Option 1: User Profile (Recommended)

This is the best option as it enables these tools globally across all your projects.

  1. Open the Command Palette: CMD + Shift + P.
  2. Type and select “MCP: Open User Configuration”.
  3. This will open your global mcp.json file.
  4. Copy the contents of .vscode/mcp.json from this repository and paste them into your user configuration file.

Option 2: Workspace Configuration

Use this if you want to enable these tools only for a specific project.

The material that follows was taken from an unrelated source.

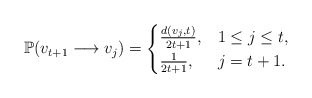
\begin{align*}\mathbb{P}(v_{t+1}\longrightarrow v_j) =\begin{cases}\frac{d(v_j,t)}{2t+1}, & 1\leq j\leq t,\\\frac{1}{2t+1}, & j=t+1.\end{cases}\end{align*}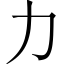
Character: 力

  1. Copy the .vscode/mcp.json file from this repository.
  2. Paste it into the .vscode folder of your target project (e.g., my-project/.vscode/mcp.json).

Official Documentation

To learn more about configuring these servers, check their official documentation:

Configuring Context7 API Key

To get higher rate limits and access to private repositories, you can provide a Context7 API key. You can get your key at context7.com/dashboard.

We use VS Code's inputs feature to securely prompt for the API key. When you first use the Context7 MCP, VS Code will ask for the key and store it securely.

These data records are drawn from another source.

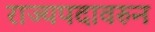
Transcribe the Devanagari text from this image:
राज्यपदावरुन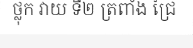
ថ្លុក វាយ ទី២ ត្រពាំង ជ្រៃ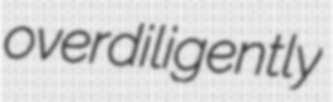
overdiligently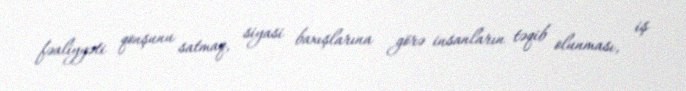
fəaliyyəti qonşunu satmaq, siyasi baxışlarına görə insanların təqib olunması, iş

To enable this, modify your mcp.json configuration (User or Workspace) to use the --api-key CLI argument with an input variable:

{
  "servers": {
    "context7": {
      "type": "stdio",
      "command": "npx",
      "args": [
        "-y",
        "@upstash/context7-mcp@latest",
        "--api-key",
        "${input:context7-api-key}"
      ]
    }
  },
  "inputs": [
    {
      "id": "context7-api-key",
      "description": "Context7 API Key (optional, for higher rate limits)",
      "type": "promptString",
      "password": true
    }
  ]
}

Note: Server IDs in mcp.json are lowercase (e.g., context7, figma-mcp-server). If you copied an older template with different names, update your configuration to match the current template.

What each MCP is used for

  • 🧩 Atlassian MCP – access Jira issues for /research, /plan, /implement, /review.
  • 🎨 Figma MCP Server – pull design details, components, and variables for design‑driven work.
  • 📚 Context7 MCP – semantic search in external docs and knowledge bases.
  • 🧪 Playwright MCP – run browser interactions and end‑to‑end style checks from Copilot.
  • 🧠 Sequential Thinking MCP – advanced reasoning tool for complex problem analysis.

Some MCPs require API keys or local apps running. Configure auth as described in each MCP's own documentation.

🧠 Sequential Thinking MCP

We use the Sequential Thinking MCP to handle complex logic, reduce hallucinations, and ensure thorough problem analysis. It allows agents to:

  • Revise previous thoughts when new information is found.
  • Branch into alternative lines of thinking.
  • Track progress through a complex task.

🛠 Using This Repository in Your Projects

Once the repo is cloned and VS Code User Settings are configured:

  1. Open your project in VS Code.

  2. Open GitHub Copilot Chat.

  3. Switch to one of the configured agents (Architect, Business Analyst, Software Engineer, Code Reviewer).

  4. Use the workflow prompts:

    • /research <JIRA_ID>
    • /plan <JIRA_ID>
    • /implement <JIRA_ID>
    • /review <JIRA_ID>

    For frontend tasks with Figma designs:

    • /research <JIRA_ID> – gather requirements including design context
    • /plan <JIRA_ID> – create implementation plan
    • /implement-ui <JIRA_ID> – implement with iterative Figma verification (calls /review-ui in loop)
    • /review <JIRA_ID> – final code review

    Standalone utilities:

    • /code-quality-check – comprehensive code quality analysis (dead code, duplications, improvements)

All of these will leverage the shared configuration from copilot-collections while still respecting your project’s own code and context.


📌 Summary

  • Central place for shared Copilot agents, prompts, and workflows.
  • Optimized for teams working with Jira, Figma, MCPs, and VS Code.
  • Designed to be plug‑and‑play – clone next to your projects, configure it once in VS Code User Settings, and start using /research → /plan → /implement → /review immediately in any workspace.

📄 License

This project is licensed under the MIT License.